Print each entry below precisely as it reads.

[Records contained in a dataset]
────
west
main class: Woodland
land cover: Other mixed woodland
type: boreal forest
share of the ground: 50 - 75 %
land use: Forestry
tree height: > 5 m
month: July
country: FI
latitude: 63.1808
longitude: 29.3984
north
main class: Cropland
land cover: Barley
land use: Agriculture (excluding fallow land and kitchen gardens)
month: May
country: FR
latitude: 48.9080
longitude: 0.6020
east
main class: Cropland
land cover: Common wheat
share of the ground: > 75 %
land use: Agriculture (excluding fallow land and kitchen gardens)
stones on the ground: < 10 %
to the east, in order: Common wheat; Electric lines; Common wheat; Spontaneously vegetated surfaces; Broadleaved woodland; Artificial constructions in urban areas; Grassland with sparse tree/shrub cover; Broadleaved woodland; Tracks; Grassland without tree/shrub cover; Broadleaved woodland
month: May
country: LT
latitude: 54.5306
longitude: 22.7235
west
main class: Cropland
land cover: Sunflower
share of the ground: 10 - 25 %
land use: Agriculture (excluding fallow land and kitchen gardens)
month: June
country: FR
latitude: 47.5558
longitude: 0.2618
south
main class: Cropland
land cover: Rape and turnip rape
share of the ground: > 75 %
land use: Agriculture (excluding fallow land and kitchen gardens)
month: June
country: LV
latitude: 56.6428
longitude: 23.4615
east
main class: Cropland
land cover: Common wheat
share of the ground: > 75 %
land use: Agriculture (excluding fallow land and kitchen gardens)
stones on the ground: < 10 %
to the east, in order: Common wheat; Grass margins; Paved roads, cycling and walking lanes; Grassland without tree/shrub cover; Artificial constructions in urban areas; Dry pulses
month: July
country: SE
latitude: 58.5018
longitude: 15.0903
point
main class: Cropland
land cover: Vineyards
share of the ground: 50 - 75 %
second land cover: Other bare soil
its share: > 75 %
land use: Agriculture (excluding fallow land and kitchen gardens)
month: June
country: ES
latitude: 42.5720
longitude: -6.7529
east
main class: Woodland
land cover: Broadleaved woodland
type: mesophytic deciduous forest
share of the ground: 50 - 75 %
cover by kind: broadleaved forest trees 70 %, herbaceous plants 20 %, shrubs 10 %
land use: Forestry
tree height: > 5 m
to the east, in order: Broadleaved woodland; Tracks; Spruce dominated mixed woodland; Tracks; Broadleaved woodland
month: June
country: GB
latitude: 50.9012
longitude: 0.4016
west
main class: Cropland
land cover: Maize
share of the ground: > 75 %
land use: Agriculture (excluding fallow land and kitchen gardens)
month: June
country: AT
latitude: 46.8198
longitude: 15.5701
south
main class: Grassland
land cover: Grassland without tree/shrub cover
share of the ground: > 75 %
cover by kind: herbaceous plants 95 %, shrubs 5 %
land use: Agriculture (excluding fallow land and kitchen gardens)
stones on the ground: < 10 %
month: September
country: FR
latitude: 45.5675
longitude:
────
— Your response —
west
main class: Woodland
land cover: Other mixed woodland
type: boreal forest
share of the ground: 50 - 75 %
land use: Forestry
tree height: > 5 m
month: July
country: FI
latitude: 63.1808
longitude: 29.3984
north
main class: Cropland
land cover: Barley
land use: Agriculture (excluding fallow land and kitchen gardens)
month: May
country: FR
latitude: 48.9080
longitude: 0.6020
east
main class: Cropland
land cover: Common wheat
share of the ground: > 75 %
land use: Agriculture (excluding fallow land and kitchen gardens)
stones on the ground: < 10 %
to the east, in order: Common wheat; Electric lines; Common wheat; Spontaneously vegetated surfaces; Broadleaved woodland; Artificial constructions in urban areas; Grassland with sparse tree/shrub cover; Broadleaved woodland; Tracks; Grassland without tree/shrub cover; Broadleaved woodland
month: May
country: LT
latitude: 54.5306
longitude: 22.7235
west
main class: Cropland
land cover: Sunflower
share of the ground: 10 - 25 %
land use: Agriculture (excluding fallow land and kitchen gardens)
month: June
country: FR
latitude: 47.5558
longitude: 0.2618
south
main class: Cropland
land cover: Rape and turnip rape
share of the ground: > 75 %
land use: Agriculture (excluding fallow land and kitchen gardens)
month: June
country: LV
latitude: 56.6428
longitude: 23.4615
east
main class: Cropland
land cover: Common wheat
share of the ground: > 75 %
land use: Agriculture (excluding fallow land and kitchen gardens)
stones on the ground: < 10 %
to the east, in order: Common wheat; Grass margins; Paved roads, cycling and walking lanes; Grassland without tree/shrub cover; Artificial constructions in urban areas; Dry pulses
month: July
country: SE
latitude: 58.5018
longitude: 15.0903
point
main class: Cropland
land cover: Vineyards
share of the ground: 50 - 75 %
second land cover: Other bare soil
its share: > 75 %
land use: Agriculture (excluding fallow land and kitchen gardens)
month: June
country: ES
latitude: 42.5720
longitude: -6.7529
east
main class: Woodland
land cover: Broadleaved woodland
type: mesophytic deciduous forest
share of the ground: 50 - 75 %
cover by kind: broadleaved forest trees 70 %, herbaceous plants 20 %, shrubs 10 %
land use: Forestry
tree height: > 5 m
to the east, in order: Broadleaved woodland; Tracks; Spruce dominated mixed woodland; Tracks; Broadleaved woodland
month: June
country: GB
latitude: 50.9012
longitude: 0.4016
west
main class: Cropland
land cover: Maize
share of the ground: > 75 %
land use: Agriculture (excluding fallow land and kitchen gardens)
month: June
country: AT
latitude: 46.8198
longitude: 15.5701
south
main class: Grassland
land cover: Grassland without tree/shrub cover
share of the ground: > 75 %
cover by kind: herbaceous plants 95 %, shrubs 5 %
land use: Agriculture (excluding fallow land and kitchen gardens)
stones on the ground: < 10 %
month: September
country: FR
latitude: 45.5675
longitude:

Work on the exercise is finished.